Before we execute the relevant daemons, we need to edit two configuration files:
-
$HADOOP_HOME/etc/hadoop/core-site.xml
: whereNameNode
runs in the cluster -
$HADOOP_HOME/etc/hadoop/hdfs-site.xml
: HDFS daemon configuration:NameNode
,SecondaryNameNode
,DataNode
s
(source)
Now open core-site.xml
in your favorite text editor:
$ sudo vim "$HADOOP_HOME/etc/hadoop/core-site.xml"

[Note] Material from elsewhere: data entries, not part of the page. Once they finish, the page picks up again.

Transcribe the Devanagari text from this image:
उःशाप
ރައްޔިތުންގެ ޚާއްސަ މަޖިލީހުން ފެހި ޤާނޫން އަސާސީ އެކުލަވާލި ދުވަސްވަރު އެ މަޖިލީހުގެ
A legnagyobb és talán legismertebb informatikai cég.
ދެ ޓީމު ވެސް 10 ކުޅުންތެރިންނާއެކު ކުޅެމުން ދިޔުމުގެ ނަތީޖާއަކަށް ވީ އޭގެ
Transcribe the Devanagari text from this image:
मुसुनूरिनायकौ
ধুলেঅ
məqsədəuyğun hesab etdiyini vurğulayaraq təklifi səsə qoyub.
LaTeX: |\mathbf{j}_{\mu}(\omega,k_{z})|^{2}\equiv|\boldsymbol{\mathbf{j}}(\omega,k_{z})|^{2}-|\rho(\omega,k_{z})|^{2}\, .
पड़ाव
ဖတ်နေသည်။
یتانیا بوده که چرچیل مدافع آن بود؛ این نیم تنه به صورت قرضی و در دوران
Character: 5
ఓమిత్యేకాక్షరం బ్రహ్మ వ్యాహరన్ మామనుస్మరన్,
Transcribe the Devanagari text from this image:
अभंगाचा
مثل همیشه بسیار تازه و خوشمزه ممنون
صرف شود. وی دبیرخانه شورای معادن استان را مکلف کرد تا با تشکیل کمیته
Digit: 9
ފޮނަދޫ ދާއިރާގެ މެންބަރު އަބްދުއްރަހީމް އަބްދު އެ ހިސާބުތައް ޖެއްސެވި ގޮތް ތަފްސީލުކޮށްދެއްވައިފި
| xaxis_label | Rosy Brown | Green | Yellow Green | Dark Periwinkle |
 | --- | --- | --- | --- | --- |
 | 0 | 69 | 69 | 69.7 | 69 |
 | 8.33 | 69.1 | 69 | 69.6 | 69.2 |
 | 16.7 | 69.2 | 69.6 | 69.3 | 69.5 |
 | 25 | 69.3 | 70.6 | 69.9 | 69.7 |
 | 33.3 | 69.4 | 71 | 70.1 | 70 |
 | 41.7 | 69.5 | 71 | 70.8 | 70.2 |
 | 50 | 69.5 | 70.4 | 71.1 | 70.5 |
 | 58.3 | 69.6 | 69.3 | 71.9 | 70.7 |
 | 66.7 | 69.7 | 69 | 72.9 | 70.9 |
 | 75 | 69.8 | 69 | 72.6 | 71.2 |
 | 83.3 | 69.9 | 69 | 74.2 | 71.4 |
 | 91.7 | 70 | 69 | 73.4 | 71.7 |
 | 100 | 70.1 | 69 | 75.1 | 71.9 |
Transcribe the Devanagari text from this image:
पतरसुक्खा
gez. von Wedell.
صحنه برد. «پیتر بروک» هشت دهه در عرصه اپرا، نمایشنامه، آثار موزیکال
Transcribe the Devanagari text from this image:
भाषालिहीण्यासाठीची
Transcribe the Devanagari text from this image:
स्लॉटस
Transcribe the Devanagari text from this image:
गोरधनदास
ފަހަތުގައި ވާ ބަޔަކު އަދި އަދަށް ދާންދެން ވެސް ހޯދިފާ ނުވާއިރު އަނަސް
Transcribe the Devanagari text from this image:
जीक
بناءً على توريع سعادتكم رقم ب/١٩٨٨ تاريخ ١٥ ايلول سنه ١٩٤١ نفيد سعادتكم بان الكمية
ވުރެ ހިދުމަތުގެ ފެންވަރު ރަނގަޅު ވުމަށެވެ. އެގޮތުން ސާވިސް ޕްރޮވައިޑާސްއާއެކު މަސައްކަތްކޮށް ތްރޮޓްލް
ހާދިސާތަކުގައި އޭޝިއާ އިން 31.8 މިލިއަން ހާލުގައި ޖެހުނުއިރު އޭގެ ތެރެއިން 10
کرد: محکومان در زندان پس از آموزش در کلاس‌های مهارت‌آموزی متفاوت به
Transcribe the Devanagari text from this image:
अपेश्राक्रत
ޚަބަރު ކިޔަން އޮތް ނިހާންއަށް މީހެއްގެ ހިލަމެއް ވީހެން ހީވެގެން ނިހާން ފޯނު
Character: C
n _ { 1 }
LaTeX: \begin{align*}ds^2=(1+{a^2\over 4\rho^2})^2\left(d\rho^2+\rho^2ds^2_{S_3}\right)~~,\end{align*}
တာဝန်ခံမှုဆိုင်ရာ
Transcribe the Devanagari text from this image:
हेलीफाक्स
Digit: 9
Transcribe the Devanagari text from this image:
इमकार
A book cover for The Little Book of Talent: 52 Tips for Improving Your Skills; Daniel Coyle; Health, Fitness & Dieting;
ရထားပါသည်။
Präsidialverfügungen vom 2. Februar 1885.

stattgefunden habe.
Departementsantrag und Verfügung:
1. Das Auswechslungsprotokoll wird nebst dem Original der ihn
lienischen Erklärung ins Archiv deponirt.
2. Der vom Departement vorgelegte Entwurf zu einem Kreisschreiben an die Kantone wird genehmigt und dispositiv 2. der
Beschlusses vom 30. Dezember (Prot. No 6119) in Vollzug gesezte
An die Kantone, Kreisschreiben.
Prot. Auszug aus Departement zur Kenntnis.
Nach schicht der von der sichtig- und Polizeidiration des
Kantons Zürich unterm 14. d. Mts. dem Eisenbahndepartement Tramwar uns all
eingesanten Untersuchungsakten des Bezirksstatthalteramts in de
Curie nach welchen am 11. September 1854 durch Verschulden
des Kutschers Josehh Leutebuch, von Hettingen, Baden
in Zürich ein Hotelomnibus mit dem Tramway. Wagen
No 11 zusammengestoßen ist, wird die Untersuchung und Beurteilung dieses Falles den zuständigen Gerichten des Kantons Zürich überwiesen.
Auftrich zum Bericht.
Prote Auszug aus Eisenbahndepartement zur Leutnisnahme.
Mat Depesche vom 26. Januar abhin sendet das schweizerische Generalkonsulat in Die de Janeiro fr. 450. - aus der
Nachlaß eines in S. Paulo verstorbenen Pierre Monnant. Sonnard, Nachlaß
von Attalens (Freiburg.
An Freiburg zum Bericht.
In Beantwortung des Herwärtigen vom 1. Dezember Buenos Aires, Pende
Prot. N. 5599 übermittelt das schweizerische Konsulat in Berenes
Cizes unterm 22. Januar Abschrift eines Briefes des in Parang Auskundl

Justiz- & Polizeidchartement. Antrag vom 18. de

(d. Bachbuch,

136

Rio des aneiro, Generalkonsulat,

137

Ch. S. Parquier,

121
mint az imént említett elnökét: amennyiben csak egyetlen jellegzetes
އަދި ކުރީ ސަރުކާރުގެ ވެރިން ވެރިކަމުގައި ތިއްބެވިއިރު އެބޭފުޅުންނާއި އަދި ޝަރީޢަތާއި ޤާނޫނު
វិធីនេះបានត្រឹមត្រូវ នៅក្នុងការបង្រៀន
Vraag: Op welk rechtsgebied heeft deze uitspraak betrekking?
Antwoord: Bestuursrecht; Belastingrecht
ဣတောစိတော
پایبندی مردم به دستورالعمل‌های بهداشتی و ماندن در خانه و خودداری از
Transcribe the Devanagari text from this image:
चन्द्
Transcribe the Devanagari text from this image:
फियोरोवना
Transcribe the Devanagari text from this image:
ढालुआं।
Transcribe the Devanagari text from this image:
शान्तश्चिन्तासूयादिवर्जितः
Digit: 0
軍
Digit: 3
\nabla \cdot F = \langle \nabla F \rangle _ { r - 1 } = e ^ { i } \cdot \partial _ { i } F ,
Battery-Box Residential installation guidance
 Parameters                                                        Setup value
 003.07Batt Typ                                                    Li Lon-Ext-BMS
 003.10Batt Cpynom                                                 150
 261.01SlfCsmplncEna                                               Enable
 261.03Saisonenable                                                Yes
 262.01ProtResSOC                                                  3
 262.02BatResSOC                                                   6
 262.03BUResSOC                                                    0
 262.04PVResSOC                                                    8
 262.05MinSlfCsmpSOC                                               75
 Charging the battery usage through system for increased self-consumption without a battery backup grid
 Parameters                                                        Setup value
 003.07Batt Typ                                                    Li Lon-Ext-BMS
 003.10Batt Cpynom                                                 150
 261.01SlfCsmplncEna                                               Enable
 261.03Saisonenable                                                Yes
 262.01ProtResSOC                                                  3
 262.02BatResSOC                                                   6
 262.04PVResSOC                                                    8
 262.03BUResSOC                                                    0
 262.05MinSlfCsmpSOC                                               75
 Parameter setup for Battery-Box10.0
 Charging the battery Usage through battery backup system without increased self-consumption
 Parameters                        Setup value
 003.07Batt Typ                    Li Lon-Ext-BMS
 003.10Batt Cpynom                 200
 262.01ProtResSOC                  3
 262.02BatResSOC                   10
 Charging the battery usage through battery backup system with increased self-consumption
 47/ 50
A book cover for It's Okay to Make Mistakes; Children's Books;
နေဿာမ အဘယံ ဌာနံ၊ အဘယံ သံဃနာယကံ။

Find the <configuration></configuration>
tags and replace them with the following:
<configuration>
<property>
<name>fs.defaultFS</name>
<value>hdfs://localhost:9000</value>
</property>
</configuration>
Here, fs.defaultFS
specifies the name of the default file system to be used (source).
Next, open hdfs-site.xml
in your favorite text editor:
$ sudo vim "$HADOOP_HOME/etc/hadoop/hdfs-site.xml"
Find the <configuration></configuration>
tags again, and replace them with the following:
<configuration>
<property>
<name>dfs.replication</name>
<value>1</value>
</property>
</configuration>
Here, dfs.replication
specifies the number of replicas to create per block (source). Usually in production, 3 is a good number (and also the default if not specified), but since we're running the entire cluster in a single node, negating any advantages of block replication, we might as well set it to 1 to save space.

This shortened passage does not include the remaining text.